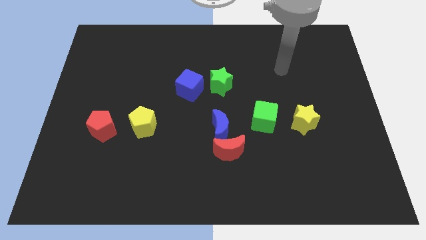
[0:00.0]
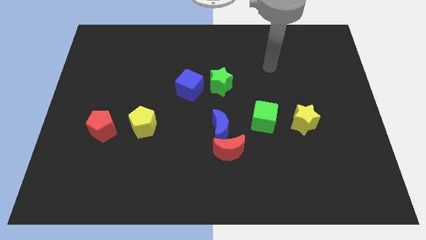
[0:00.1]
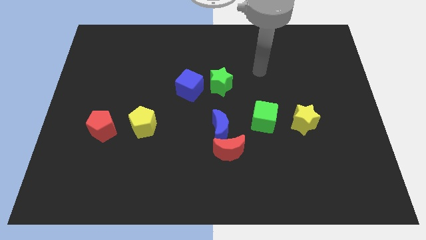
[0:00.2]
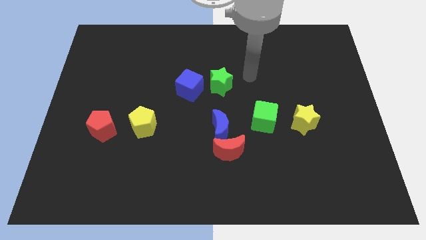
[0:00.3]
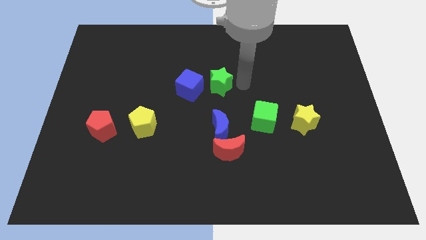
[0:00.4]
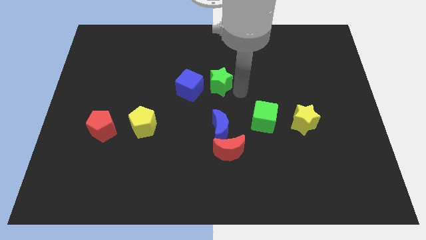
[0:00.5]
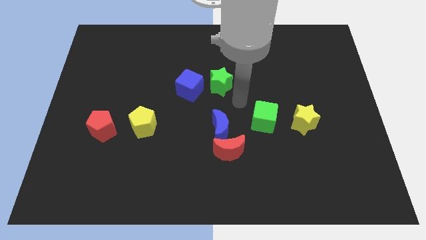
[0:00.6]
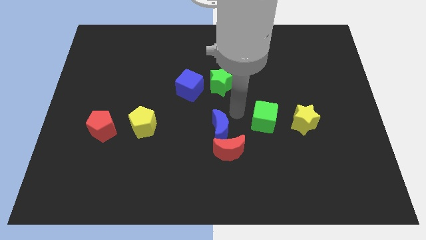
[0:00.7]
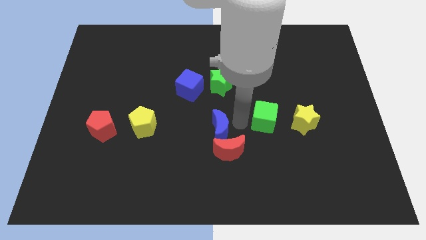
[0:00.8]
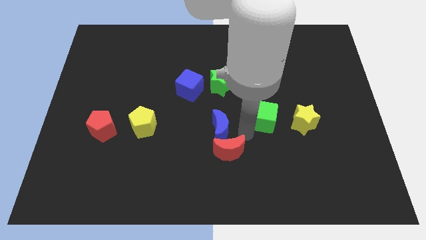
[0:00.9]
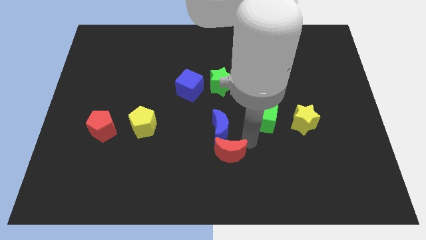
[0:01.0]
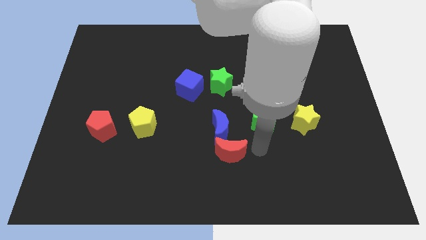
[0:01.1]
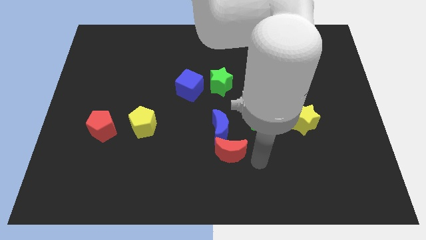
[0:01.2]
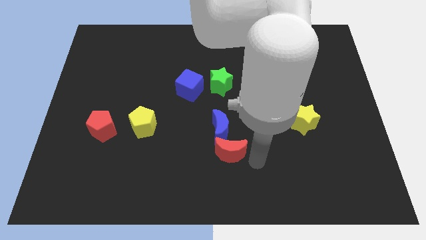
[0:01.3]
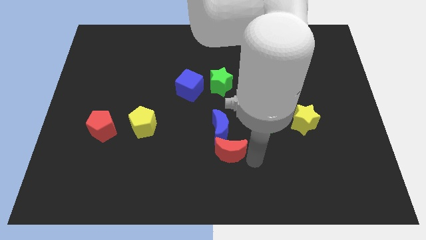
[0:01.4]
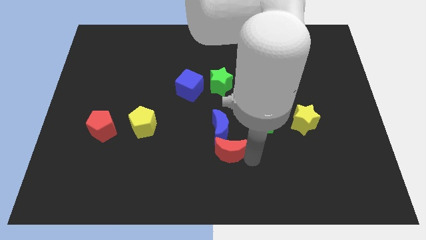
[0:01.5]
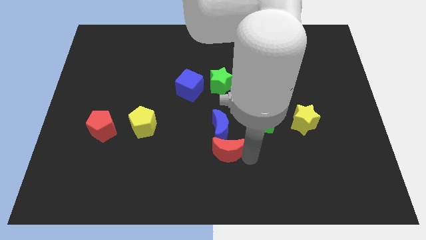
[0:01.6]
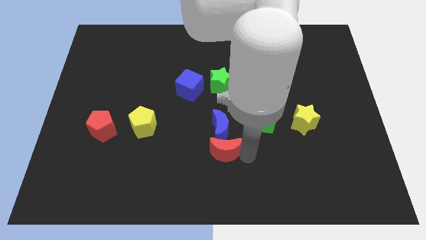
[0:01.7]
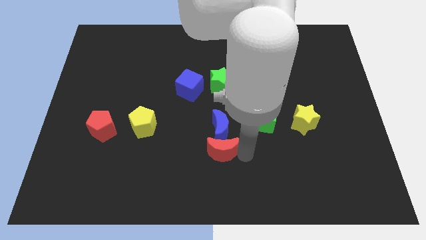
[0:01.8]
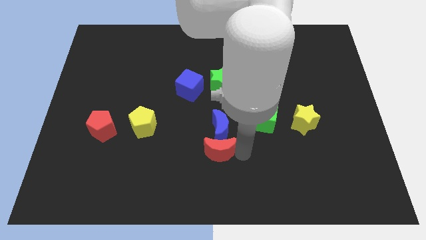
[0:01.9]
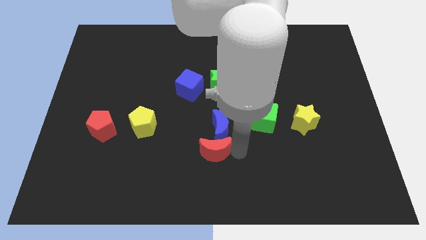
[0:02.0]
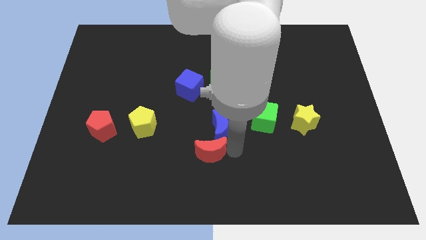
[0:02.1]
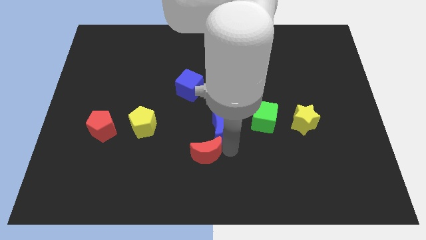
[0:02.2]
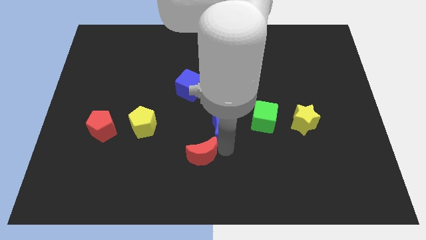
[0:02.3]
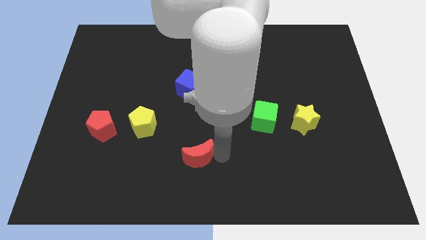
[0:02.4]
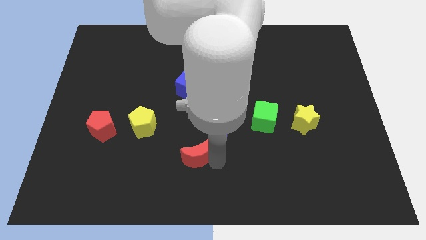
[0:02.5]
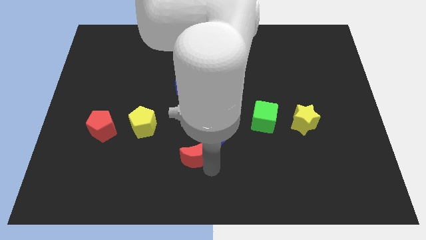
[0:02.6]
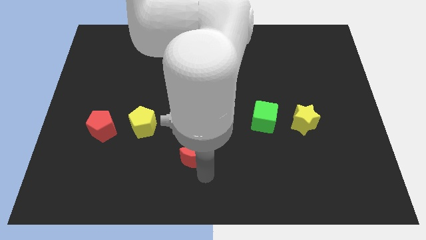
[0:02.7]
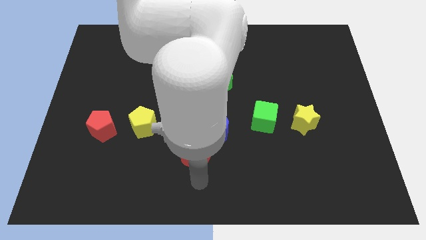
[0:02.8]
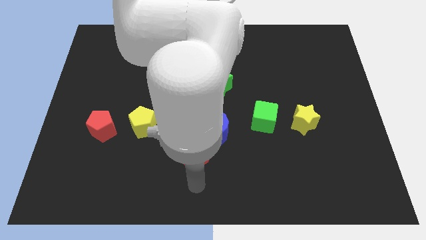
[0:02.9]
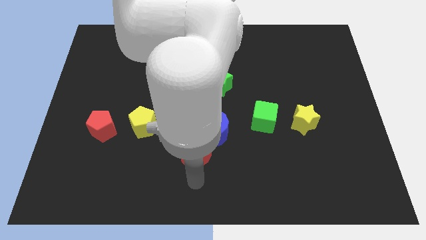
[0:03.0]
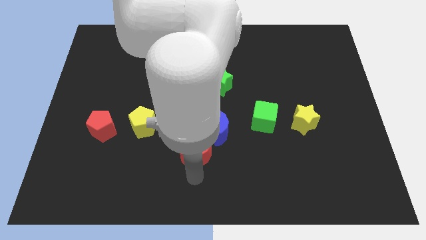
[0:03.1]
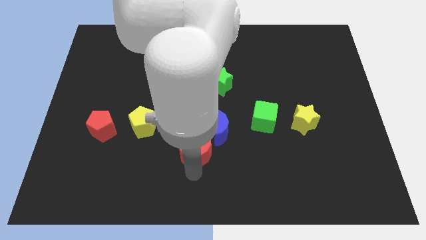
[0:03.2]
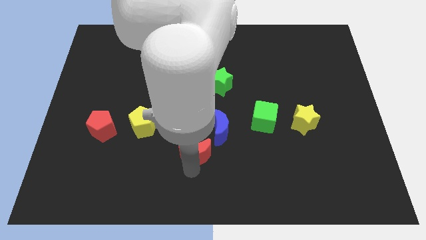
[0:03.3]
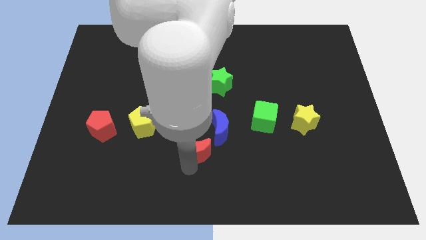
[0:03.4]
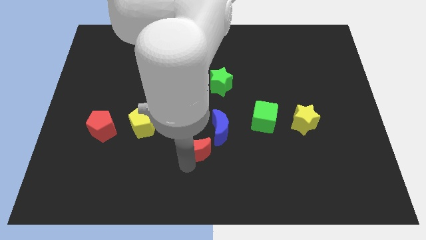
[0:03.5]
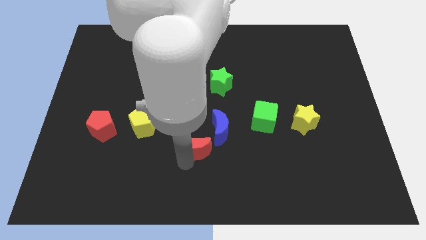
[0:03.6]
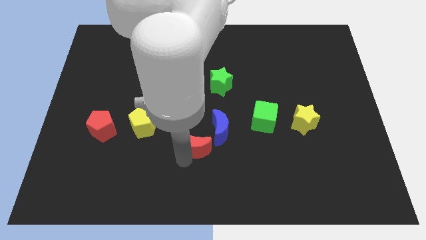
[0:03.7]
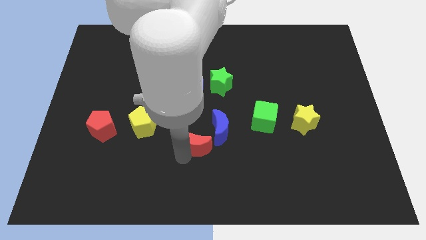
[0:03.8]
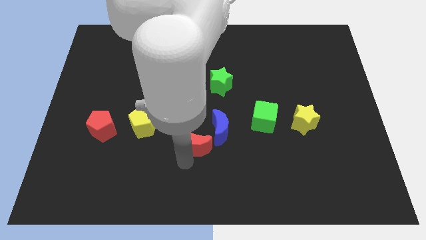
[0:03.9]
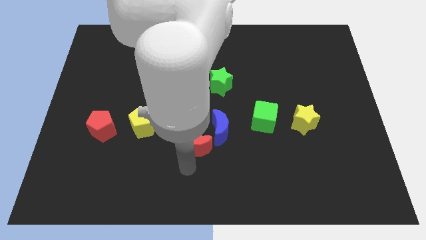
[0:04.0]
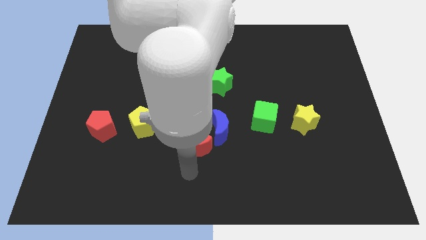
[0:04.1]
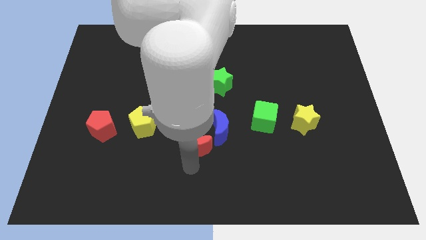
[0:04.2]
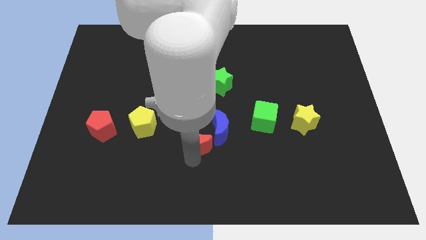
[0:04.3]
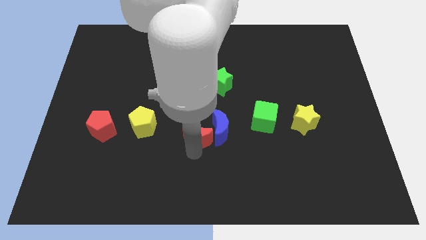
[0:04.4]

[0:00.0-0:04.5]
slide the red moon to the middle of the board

- [Your objective]:
Transcribe the whole listing, character for character, but not its images.

- [Answer to this task]:
[0:00.0]
[0:00.1]
[0:00.2]
[0:00.3]
[0:00.4]
[0:00.5]
[0:00.6]
[0:00.7]
[0:00.8]
[0:00.9]
[0:01.0]
[0:01.1]
[0:01.2]
[0:01.3]
[0:01.4]
[0:01.5]
[0:01.6]
[0:01.7]
[0:01.8]
[0:01.9]
[0:02.0]
[0:02.1]
[0:02.2]
[0:02.3]
[0:02.4]
[0:02.5]
[0:02.6]
[0:02.7]
[0:02.8]
[0:02.9]
[0:03.0]
[0:03.1]
[0:03.2]
[0:03.3]
[0:03.4]
[0:03.5]
[0:03.6]
[0:03.7]
[0:03.8]
[0:03.9]
[0:04.0]
[0:04.1]
[0:04.2]
[0:04.3]
[0:04.4]

[0:00.0-0:04.5]
slide the red moon to the middle of the board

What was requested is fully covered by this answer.